[Exercise material]
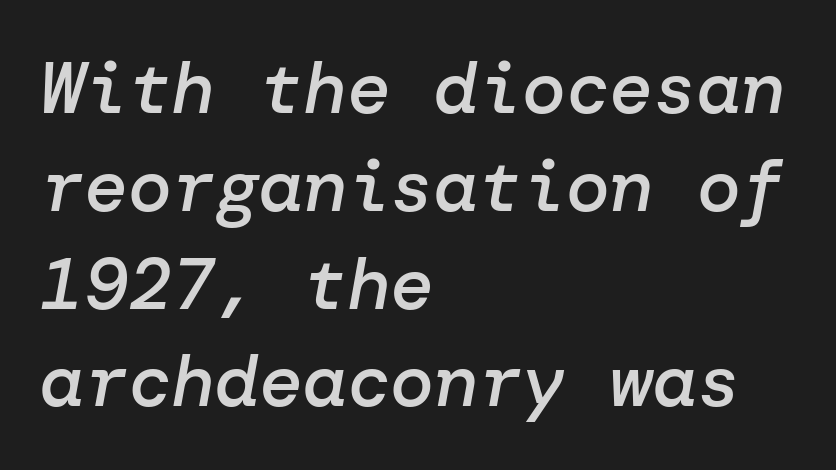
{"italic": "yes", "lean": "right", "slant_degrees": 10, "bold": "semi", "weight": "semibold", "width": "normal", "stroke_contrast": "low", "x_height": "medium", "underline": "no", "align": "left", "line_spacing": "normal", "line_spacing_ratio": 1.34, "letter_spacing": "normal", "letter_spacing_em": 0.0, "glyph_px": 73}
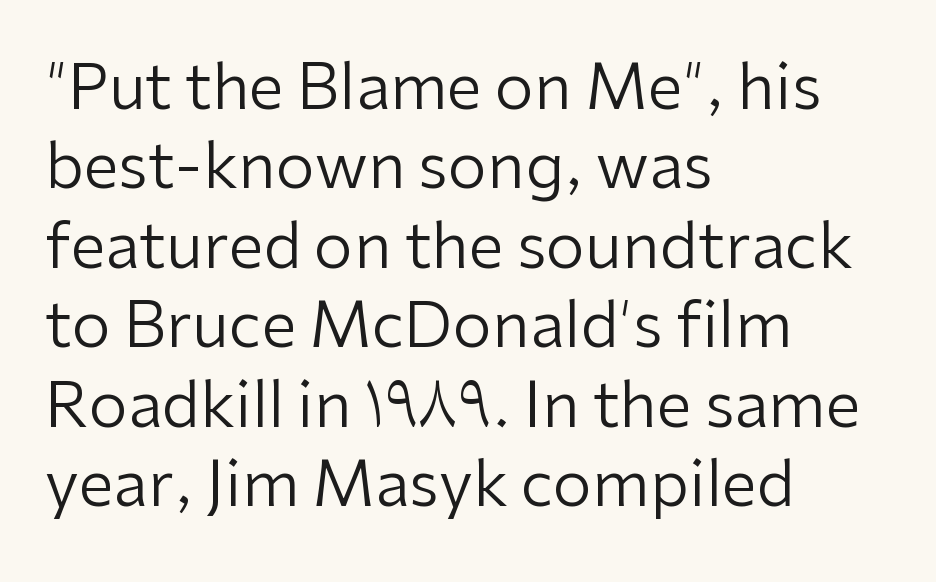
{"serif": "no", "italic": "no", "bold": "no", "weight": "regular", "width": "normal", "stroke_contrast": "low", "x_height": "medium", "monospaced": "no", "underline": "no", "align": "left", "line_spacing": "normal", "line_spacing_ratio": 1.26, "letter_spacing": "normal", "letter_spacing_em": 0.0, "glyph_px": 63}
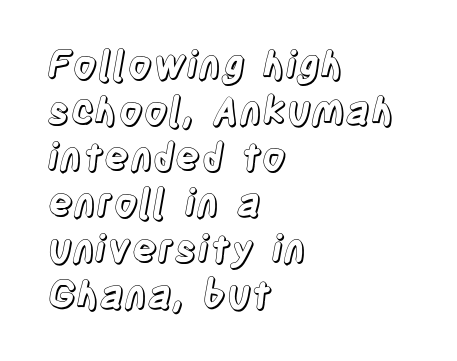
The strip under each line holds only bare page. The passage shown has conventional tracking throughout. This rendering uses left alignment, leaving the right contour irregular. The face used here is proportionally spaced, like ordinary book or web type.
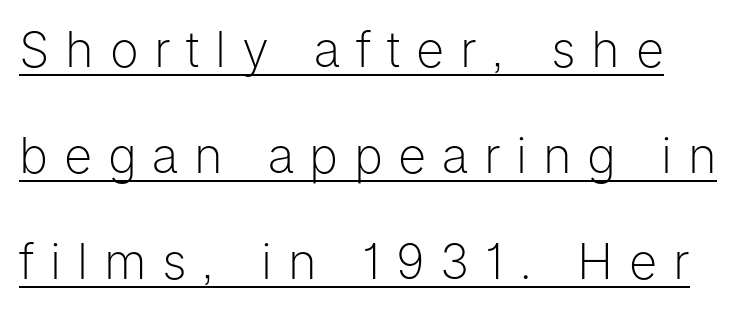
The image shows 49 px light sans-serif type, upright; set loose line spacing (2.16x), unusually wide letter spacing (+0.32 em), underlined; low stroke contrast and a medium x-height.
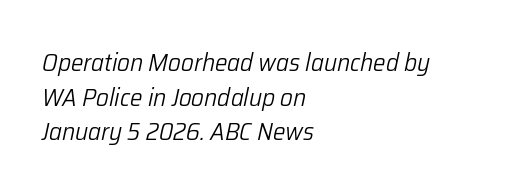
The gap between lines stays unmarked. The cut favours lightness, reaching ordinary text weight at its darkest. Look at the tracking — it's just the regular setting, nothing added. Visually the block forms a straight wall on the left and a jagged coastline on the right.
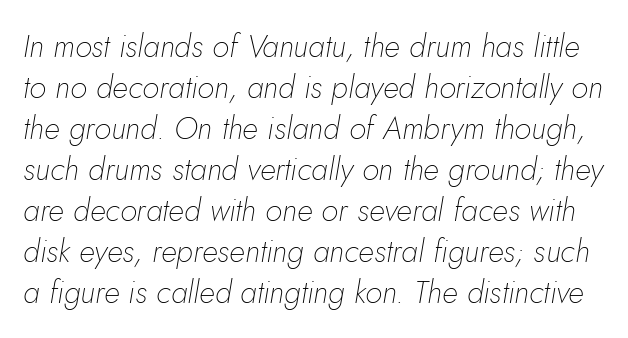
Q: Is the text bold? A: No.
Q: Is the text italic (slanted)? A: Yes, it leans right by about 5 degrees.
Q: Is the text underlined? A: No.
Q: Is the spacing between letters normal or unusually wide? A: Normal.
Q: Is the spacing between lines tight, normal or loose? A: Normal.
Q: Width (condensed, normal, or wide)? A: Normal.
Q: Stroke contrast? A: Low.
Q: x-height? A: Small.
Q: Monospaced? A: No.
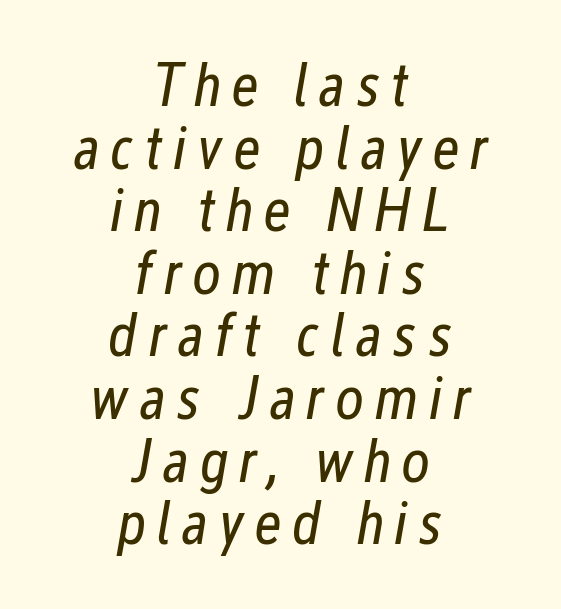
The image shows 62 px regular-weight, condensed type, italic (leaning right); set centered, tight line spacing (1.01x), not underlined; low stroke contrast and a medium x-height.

[Task prompt] Report each line of the data that includes the string "between".

[Task result]
The gap between lines stays unmarked. The cut favours lightness, reaching ordinary text weight at its darkest. Look at the tracking — it's just the regular setting, nothing added. Visually the block forms a straight wall on the left and a jagged coastline on the right.
Q: Is the spacing between letters normal or unusually wide? A: Normal.
Q: Is the spacing between lines tight, normal or loose? A: Normal.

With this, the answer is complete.